Should you choose to celebrate Halloween, you have two options to go when decorating your house. First, you have the horror side of Halloween, where you stick hockey masks, bloody skulls, and the corpse of that homeless guy that you and your frat bros beat up the night before in a drunken rage all on your lawn. That decor should satisfy your immature 13-year-old mind. Or, if you think death is disgusting, you can go the cutesy direction with smiling cartoon pumpkins, smiling cartoon ghosts, and smiling cartoon witches pasted to your windows. How boring.

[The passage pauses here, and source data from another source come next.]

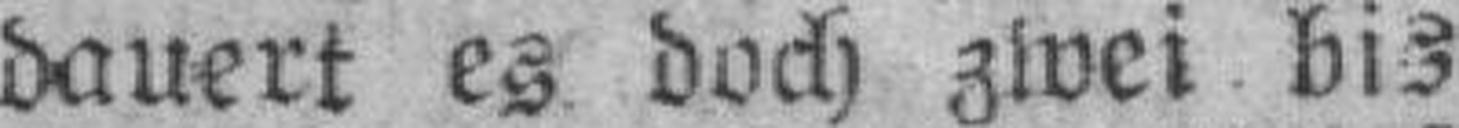
dauert es doch zwei bis
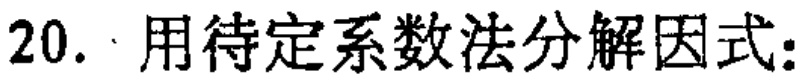
20. 用待定系数法分解因式：
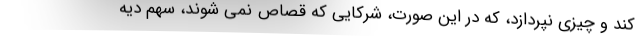
کند و چیزی نپردازد، که در این صورت، شرکایی که قصاص نمی شوند، سهم دیه
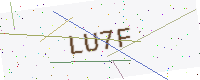
Text: LU7F
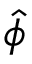
\hat { \phi }
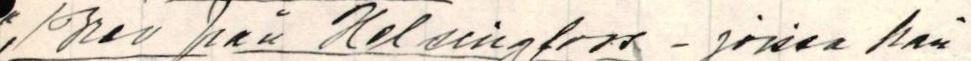
;/Brev från Helsingfors - joissa hän
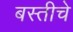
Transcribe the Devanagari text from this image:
बस्तीचे
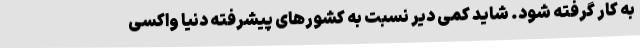
به کار گرفته شود. شاید کمی دیر نسبت به کشورهای پیشرفته دنیا واکسی
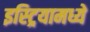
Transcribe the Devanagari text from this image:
इस्ट्रियामध्ये
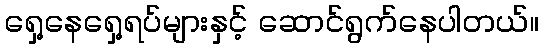
ရှေ့နေရှေ့ရပ်များနှင့် ဆောင်ရွက်နေပါတယ်။
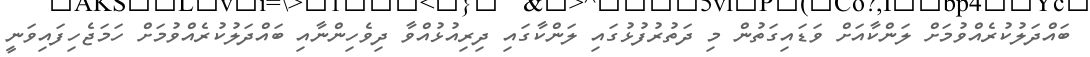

Do not carve pumpkins. If you live within a 15-mile radius of a fraternity or cowboy aggies, it will get smashed the night you put in on your doorstep (“Dude, man, that was frickin’ awesome! Yee-haw!”). The third option, the only one with dignity, is that you can celebrate Dia de los Muertos or All Souls Day, where instead of celebrating the dead rising to eat your family, you can celebrate the members of your family who have passed on, and remember their lives with a bittersweet fondness. Oh, few people here at Poly are familiar with traditional Mexican and/or Christian values.

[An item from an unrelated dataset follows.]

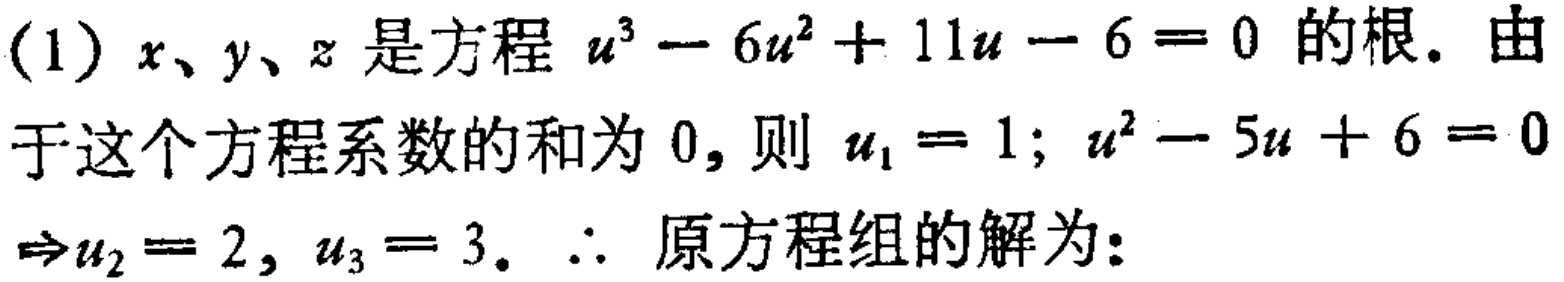
(1) \(x、y、z\)是方程 \(u^{3}-6u^{2}+11u - 6 = 0\)的根。由于这个方程系数的和为 \(0\)，则 \(u_{1}=1\)；\(u^{2}-5u + 6 = 0\Rightarrow u_{2}=2,\ u_{3}=3\)。\(\therefore\) 原方程组的解为：

Where did everyone go? I want to tell them about Dia de los Muertos! Oh, they’re all at Isla Vista. Many students at Cal Poly feel compelled to leave the sleepy town of San Luis for the sleepy locale of Isla Vista, which for Halloween wakes up for the flocks of Cal Poly and UCSB students who celebrate the holiday in the only way they know how: get crazy drunk. Isla Vista’s famed sights include the canals of alcohol-laced vomit that flow through the streets, the Running of the Kegs, and beautiful yellow pools that mysteriously appear on the side walks and reflect the moonlight in a luminous nitrogenous glow. Isla Vista also hosts the greatest concentration of STDs in America during this weekend outside of Paris Hilton’s bathroom.
Is it that I’m disgusted that the traditional method of celebrating Halloween, walking from house to house as a child to receive candy from my neighbors, has become an excuse for college students to lower their inhibitions, have promiscuous relations and drink themselves to death? Maybe at age 20 I’m already a crotchety old man who needs to loosen up. Hmm, no thanks.